Here’s to Hoping: Adena Health Substance Abuse Program Tackles the Opioid Crisis in Rural Ohio

Southern Ohio has been the epicenter of the opioid crisis, with record-breaking rates of overdoses and deaths.

In addition to becoming a family physician for Adena Health, John Gabis, MD, FAAFP, CPE, also served as the coroner for Ross County, Ohio in 2009. After noticing a rise in prescription opiate overdose deaths in 2009 and 2010, he alerted appropriate agencies that he thought could help; however, they were not proactive.

As Adena Health’s medical director of community partnerships, Gabis took it upon himself to develop a drug abuse coalition that included law enforcement, judicial service providers, child and family services, and other medical groups. For more than a decade, the group has had different iterations, but is now referred to as the Hope Partnership Project (HPP).

The first iteration of the group began in 2015 with the assistance of a grant from the Ohio Criminal Justice System.
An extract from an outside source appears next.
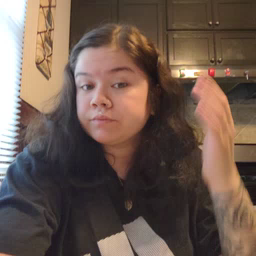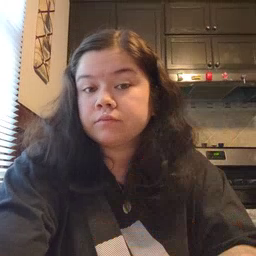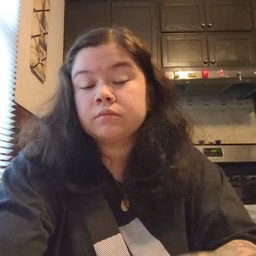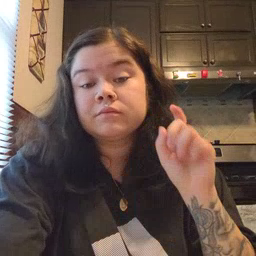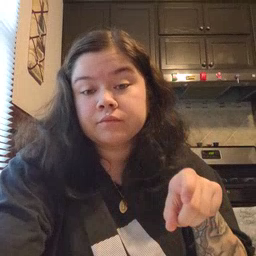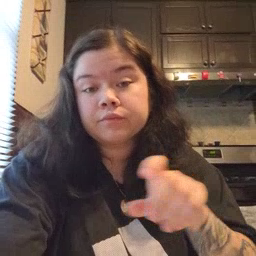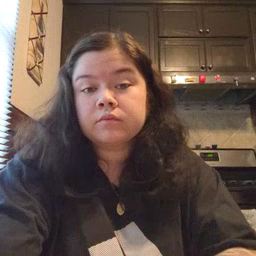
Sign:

The funding from the grant paid for a coordinator to come in and assist with putting their plans into action.

In 2019, the group, now known as HPP, applied for and received a $1 million dollar grant from the Health Resources and Services Administration (HRSA) through its Rural Communities Opioid Response Program (RCORP), to be dispersed over three years.

“That provided us the latitude to build our infrastructure of our community partners who provide services for people [struggling with] substance abuse disorder,” Gabis said. Adena Health, he added, is a “convenor, collaborator, and catalyst in our community specifically in substance abuse disorder.”
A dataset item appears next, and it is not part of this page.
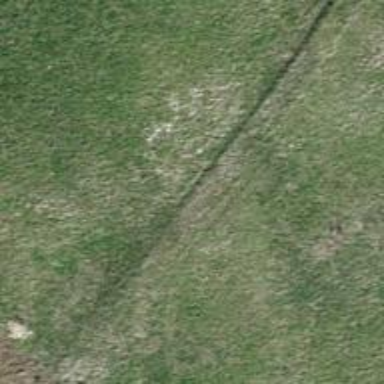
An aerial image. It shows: Track with grade 5 tracktype.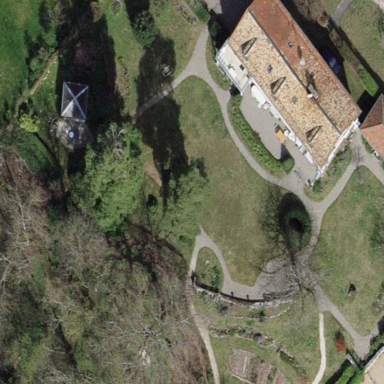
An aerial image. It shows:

The efforts of Adena Health and HPP were recognized by the American Medical Association as one of three finalists for the Foster G. McGaw award; a feat gabis believes says a lot about the importance of what their community is doing.

“We were part of the epicenter of the drug epidemic that took over the nation. We had a high rate, and unfortunately, still do, of overdoses and overdose deaths per capita compared to other counties and other regions in Ohio and in the country, “he said. “We know that no one agency can attack this and be successful, and we know that we don’t have enough services available that will provide all our community’s needs. So, the only way to solve this problem, or begin to attack it, is to work with community partners.”

Previous community health needs assessments have shown that there’s a high rate of poverty and substance abuse, with mental health and substance use disorders considered high priority issues for their region. With the onset of the pandemic, Gabis said these numbers continued to rise, with the region setting records every year for overdose deaths.

“[Isolation] is not good for someone that has substance use disorder and often a cooccurring mental health diagnosis,” He explained. “Whenever they’re isolated, they tend to medicate their emotions with other substances.”

One of HPP’s biggest successes has been the implementation of the post-overdose response team. A team consisting of a law enforcement officer, peer recovery supporter, and social worker go to the address of an individual who had an overdose within the last seven days. In addition to providing information on treatment options, the team also distributes a dose of Narcan – a nasal spray used to treat a narcotic overdose.

“Most often, the person who overdosed is not at that address, but that’s a chance to talk with families and loved ones about what they can do to help that person,” Gabis said.

In the beginning, HPP has struggled with tackling the negative stigmas around substance use disorder and the use of Narcan, which some think enables individuals to continue abusing drugs. Gabis explains that the Narcan is meant to guide the individual to the path of active recovery. Today, the community is more receptive to these efforts.

The peer recovery supporters are individuals who previously struggled with opioid use disorder and have been in active recovery for a substantial amount of time.

“They take their knowledge of how they got addicted, how they found recovery, and how they maintain recovery, and they’re able to speak to people in similar situations and ways that carry so much more impact that me talking to them, who doesn ‘t have that experience to draw from,” Gabis said.

Other successes include increasing the number of primary care providers who can provide medication assisted treatment at the health system from 8 to 30, and the streamlining of the system’s emergency department referral process to get patients suspected to have opioid use disorder into treatment with three days.

For other communities or medical systems wanting to take on substance use, Gabis offers the following suggestions.

  • Organize a get-together with your community to assess what resources the community already has
  • Implement harm reduction policies, including community distribution of Narcan
  • Work with and influence other providers to come into your community to provide further assistance

“Since we were part of the epicenter of this crisis, it would be awesome if we had a world class treatment center that served the region,” Gabis said. “My dream is that the health systems of central and southern Ohio band together and work to bring something like that to our region so that our communities have hope.”